Example, Comparative Example
Each component was uniformly knead | mixed using 2 rolls by the mixing | blending (mass ratio) shown to Tables 1-4, and the fluorine-containing copolymer composition was prepared. About each composition, the test article of crosslinked rubber was produced by the method mentioned above, and the physical property was evaluated. The results are shown in Tables 1 to 4.
In the table, Test Examples 1, 20, 24, and 28 are comparative examples, and the other test examples are examples.

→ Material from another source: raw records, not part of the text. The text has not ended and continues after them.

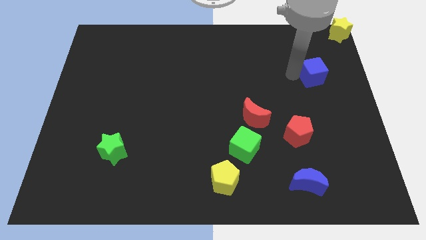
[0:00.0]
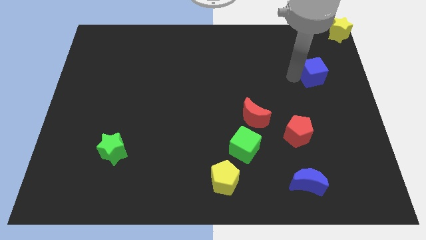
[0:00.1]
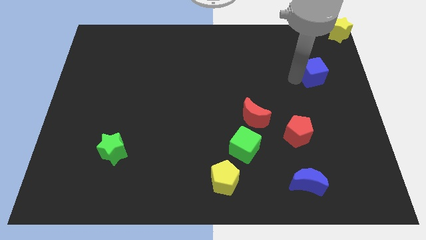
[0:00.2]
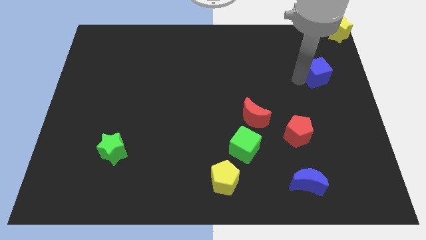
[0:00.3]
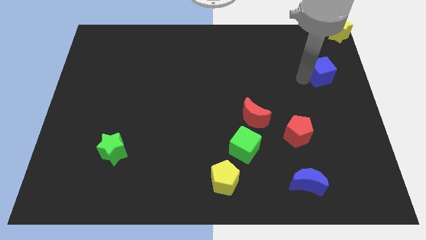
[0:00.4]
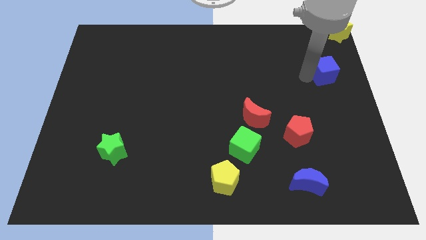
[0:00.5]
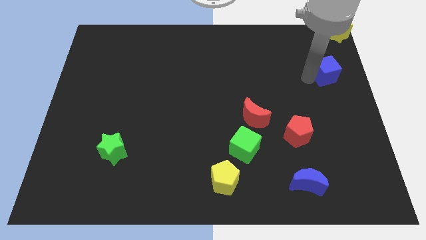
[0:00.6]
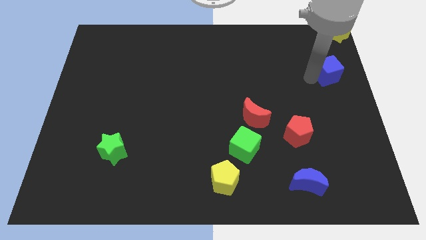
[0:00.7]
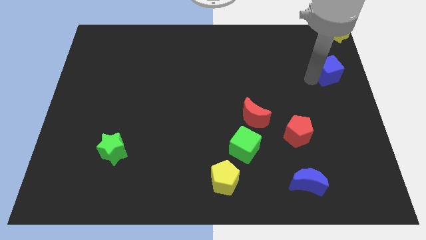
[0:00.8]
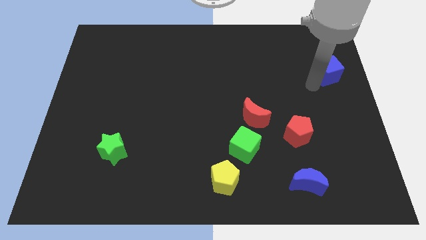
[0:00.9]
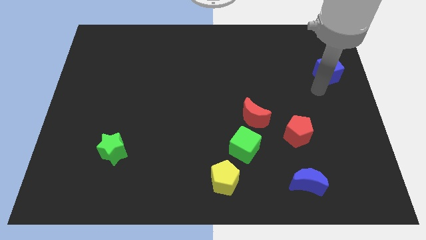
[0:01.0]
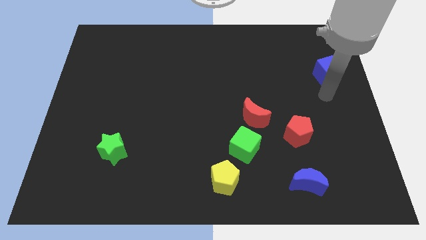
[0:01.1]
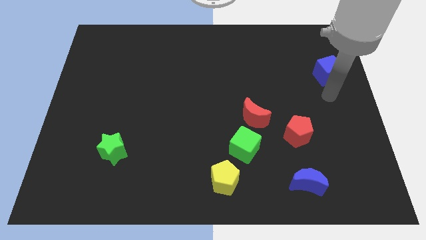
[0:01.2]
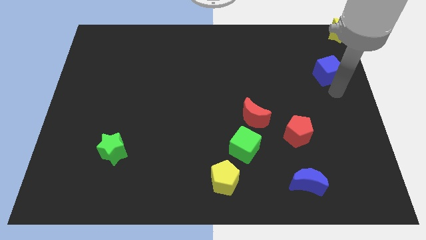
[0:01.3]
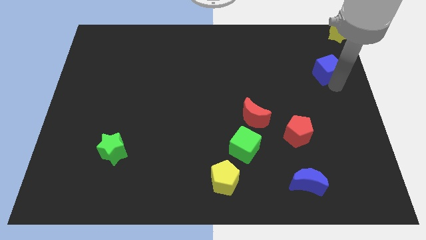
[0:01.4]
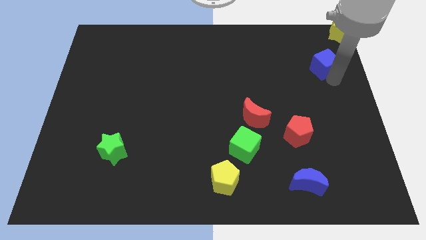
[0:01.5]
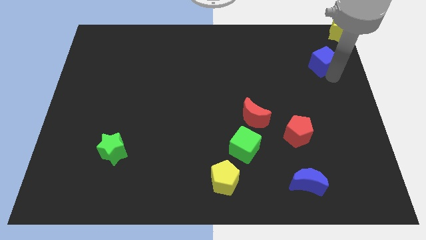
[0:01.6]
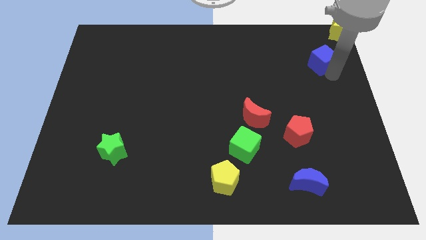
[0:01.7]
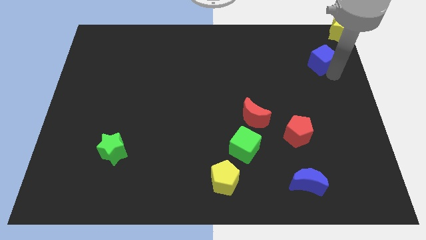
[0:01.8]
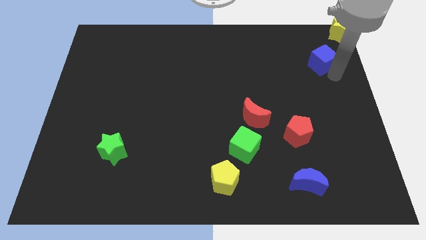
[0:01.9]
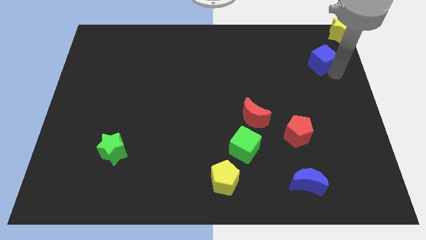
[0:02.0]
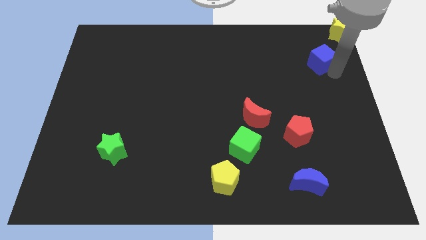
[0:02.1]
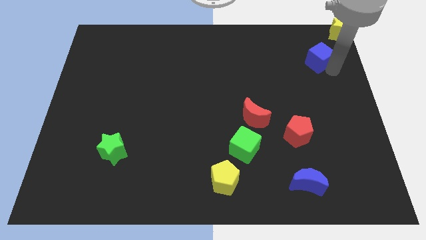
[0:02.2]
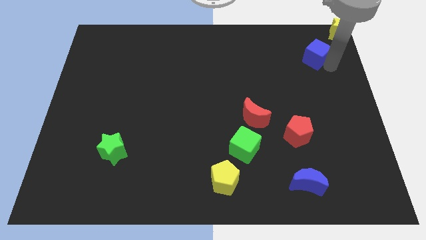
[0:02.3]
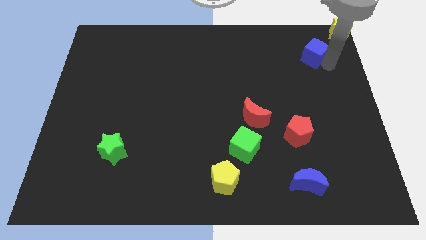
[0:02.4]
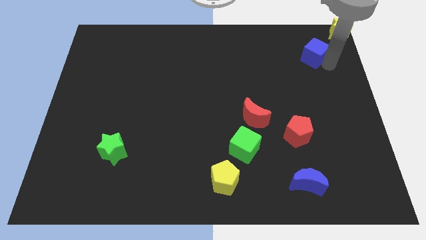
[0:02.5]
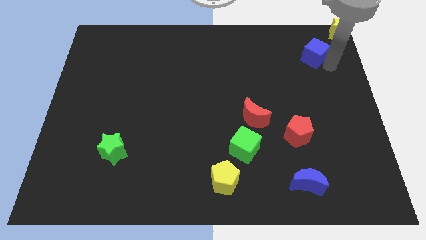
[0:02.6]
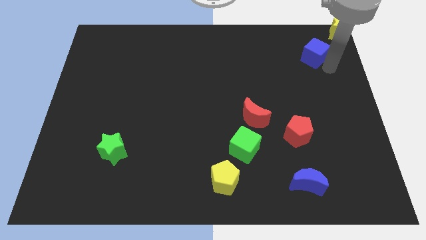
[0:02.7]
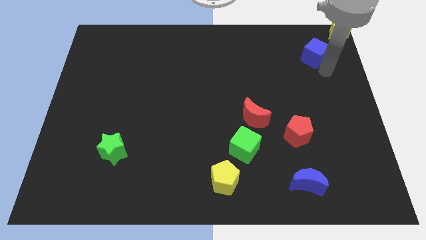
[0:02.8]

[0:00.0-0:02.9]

  The crosslinked rubbers of the examples containing silica had good compression set and at least one of tensile strength and breaking elongation was improved.

Claims (2)

  A fluorine-containing copolymer comprising a copolymer having a unit based on tetrafluoroethylene and a unit based on propylene, or a copolymer having a unit based on tetrafluoroethylene and a unit based on perfluoro (alkyl vinyl ether), and silica Composition.   The fluorine-containing copolymer composition according to claim 1, wherein the silica is contained in a ratio of 20 parts by mass or less with respect to 100 parts by mass of the copolymer.